───── SOURCE MATERIAL

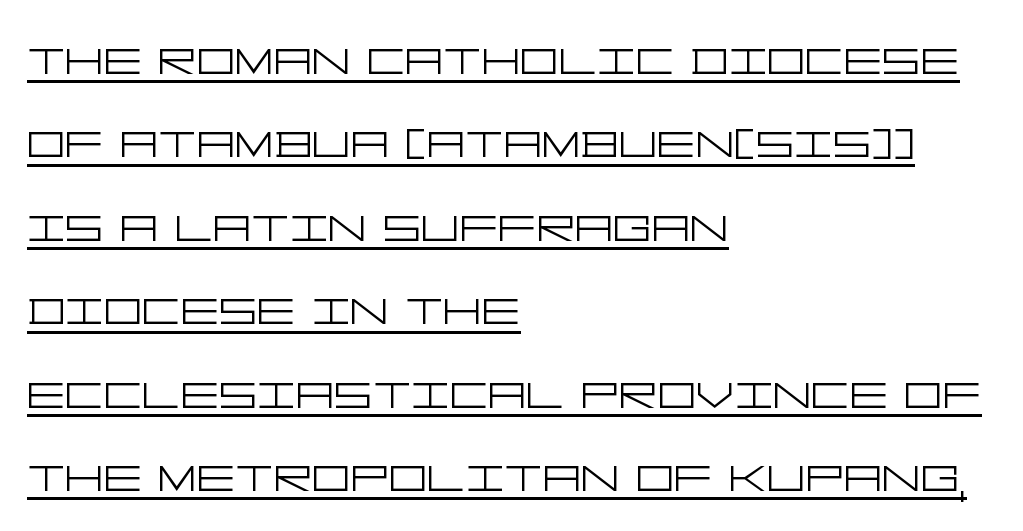
The image shows 60 px light, wide sans-serif type, upright; set left-aligned, normal line spacing (1.39x), normal letter spacing, underlined; low stroke contrast and a large x-height.
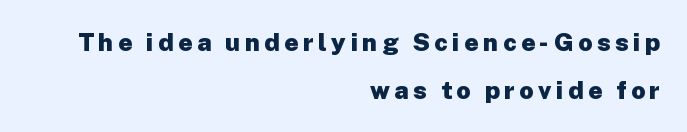
Honestly, there is no underline to notice here at all. These lines were composed using upright roman letters. Leading: increased. Students, this is bold: see how much ink each stroke carries. Where is the straight margin? On the right.
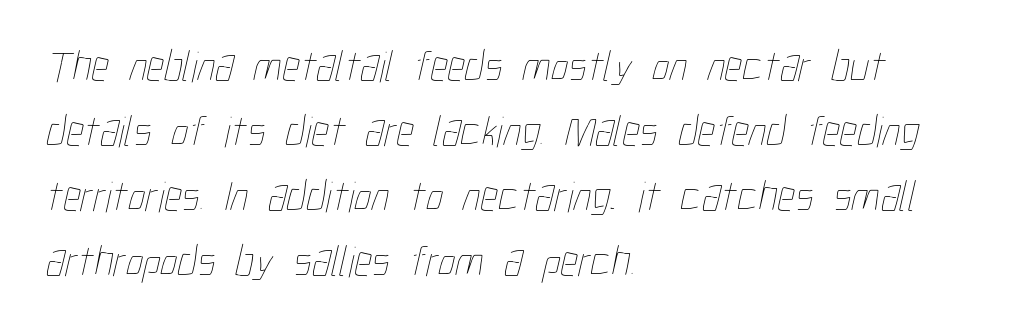
{"bold": "no", "weight": "thin", "width": "condensed", "stroke_contrast": "low", "x_height": "medium", "monospaced": "no", "underline": "no", "align": "left", "line_spacing": "normal", "line_spacing_ratio": 1.48, "letter_spacing": "normal", "letter_spacing_em": 0.0, "glyph_px": 44}
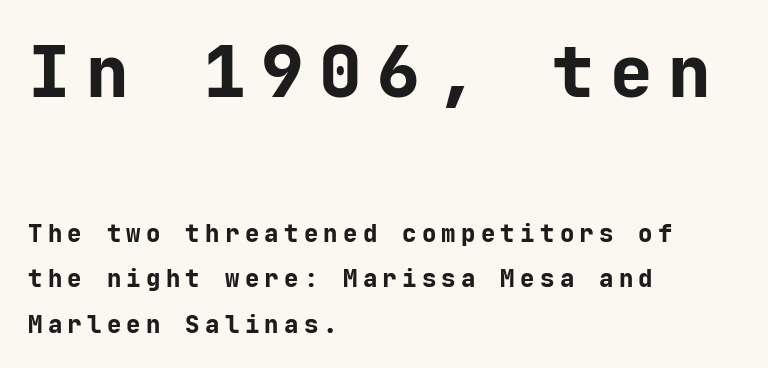
The image shows 71 px bold sans-serif type, upright, monospaced; set left-aligned, line spacing 1.88x, unusually wide letter spacing (+0.22 em), not underlined; the first (top) block is 2.96x larger; low stroke contrast and a medium x-height.
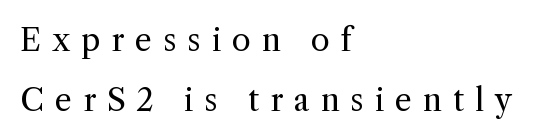
This rendering employs a face with finishing strokes, i.e., a serif. Every row of glyphs begins at an identical x-position on the left. The face used here is proportionally spaced, like ordinary book or web type. Reading down the column, the eye jumps a long way to each next line. Observe the wide spacing: letters keep a clear distance from each other. The glyphs are unaccompanied by any horizontal stroke below them.
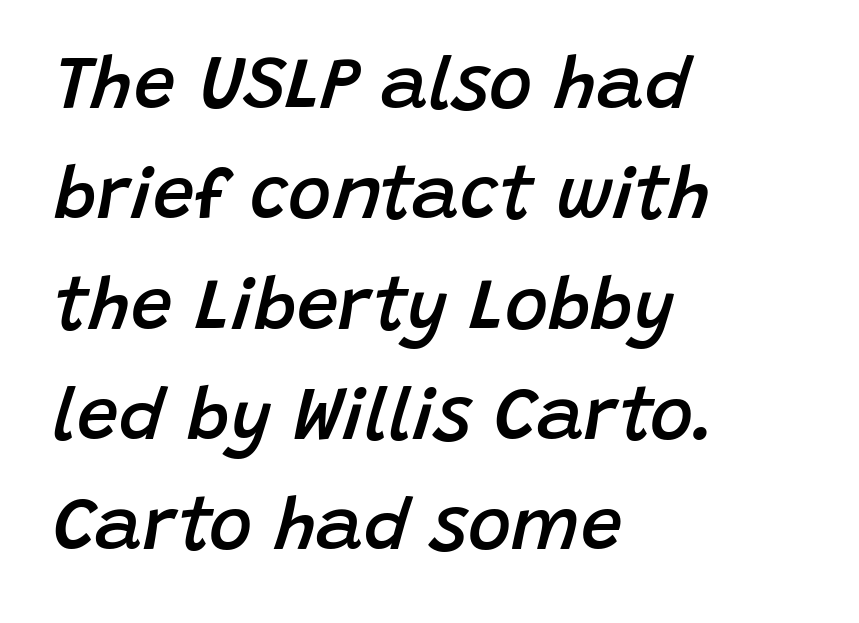
Q: Is the text bold? A: Semi-bold.
Q: Is the text italic (slanted)? A: Yes, it leans right by about 15 degrees.
Q: Is the text underlined? A: No.
Q: How is the paragraph aligned? A: Left-aligned.
Q: Is the spacing between letters normal or unusually wide? A: Normal.
Q: Is the spacing between lines tight, normal or loose? A: Normal.
Q: Width (condensed, normal, or wide)? A: Normal.
Q: Stroke contrast? A: Low.
Q: x-height? A: Large.
Q: Monospaced? A: No.
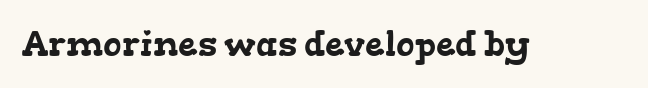
The image shows 35 px wide serif type; set normal letter spacing, not underlined; low stroke contrast and a medium x-height.
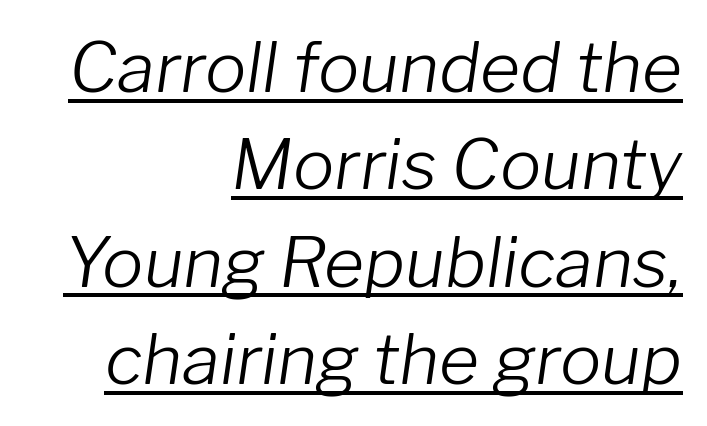
{"italic": "yes", "lean": "right", "slant_degrees": 8, "bold": "no", "weight": "light", "width": "normal", "stroke_contrast": "low", "x_height": "medium", "monospaced": "no", "underline": "yes", "align": "right", "line_spacing": "normal", "line_spacing_ratio": 1.41, "letter_spacing": "normal", "letter_spacing_em": 0.0, "glyph_px": 69}
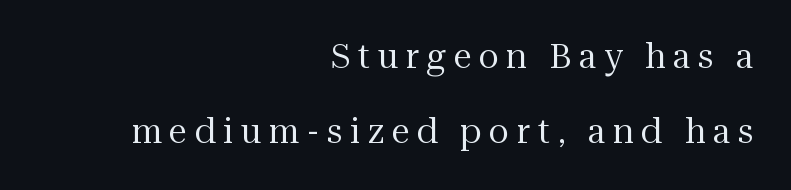
Q: Is the text bold? A: No.
Q: Is the text italic (slanted)? A: No, it is upright.
Q: Is the typeface a serif or a sans-serif typeface? A: Serif.
Q: Is the text underlined? A: No.
Q: How is the paragraph aligned? A: Right-aligned.
Q: Is the spacing between letters normal or unusually wide? A: Unusually wide.
Q: Is the spacing between lines tight, normal or loose? A: Loose.
Q: Width (condensed, normal, or wide)? A: Normal.
Q: Stroke contrast? A: Medium.
Q: x-height? A: Medium.
Q: Monospaced? A: No.
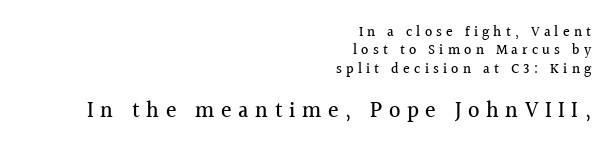
{"italic": "no", "underline": "no", "align": "right", "line_spacing": "normal", "line_spacing_ratio": 1.31, "letter_spacing": "wide", "letter_spacing_em": 0.3, "larger_block": "second", "size_ratio": 1.57, "glyph_px": 22}
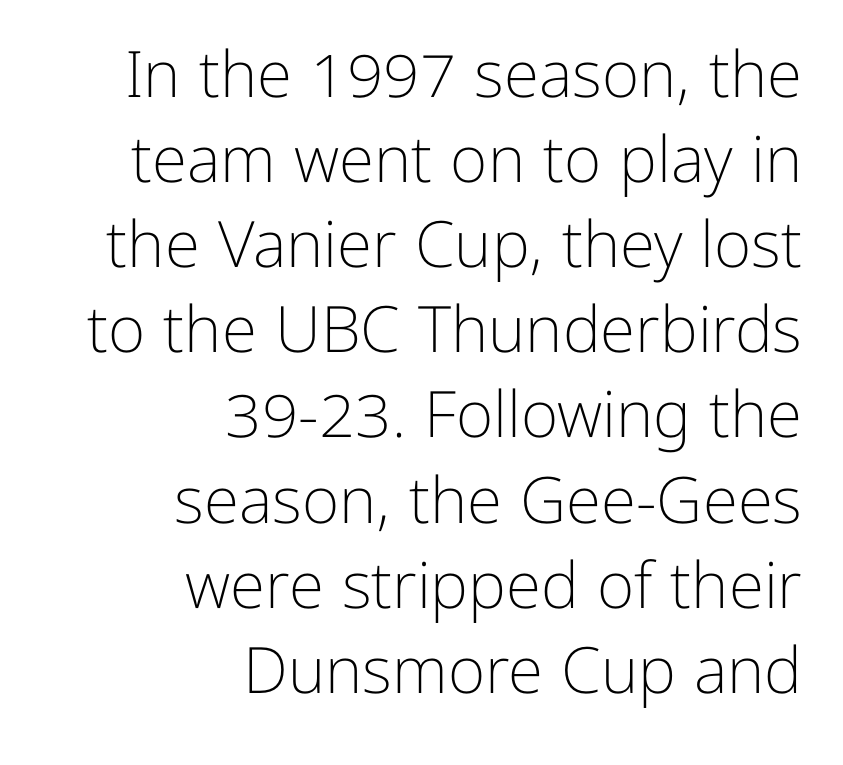
The image shows 64 px light sans-serif type, upright; set right-aligned, normal line spacing (1.33x), normal letter spacing, not underlined; low stroke contrast and a medium x-height.
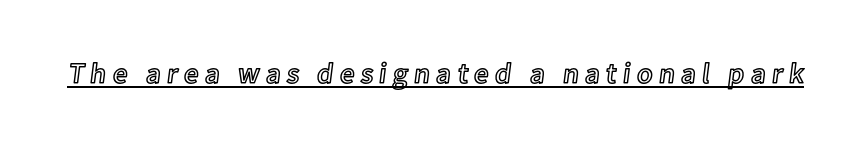
{"width": "normal", "x_height": "medium", "monospaced": "no", "underline": "yes", "letter_spacing": "wide", "letter_spacing_em": 0.21, "glyph_px": 29}
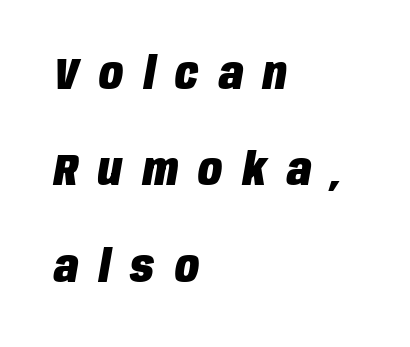
Glyph-to-glyph distance is far greater than everyday printed text. These lines were composed using italics. Does the leading feel generous? Absolutely, it's lavish. Descender tails drop into unmarked territory. The letters are bold, with thick, heavy strokes. The letters advance in unequal steps, a hallmark of proportional type.

──────────

Begin with the line containing "The image shows 64" and end with the last line of the entries above. Copy those lines exactly, both ends included, and drop every picture.

• **FINAL ANSWER**:
The image shows 64 px light sans-serif type, upright; set right-aligned, normal line spacing (1.33x), normal letter spacing, not underlined; low stroke contrast and a medium x-height.
{"width": "normal", "x_height": "medium", "monospaced": "no", "underline": "yes", "letter_spacing": "wide", "letter_spacing_em": 0.21, "glyph_px": 29}
Glyph-to-glyph distance is far greater than everyday printed text. These lines were composed using italics. Does the leading feel generous? Absolutely, it's lavish. Descender tails drop into unmarked territory. The letters are bold, with thick, heavy strokes. The letters advance in unequal steps, a hallmark of proportional type.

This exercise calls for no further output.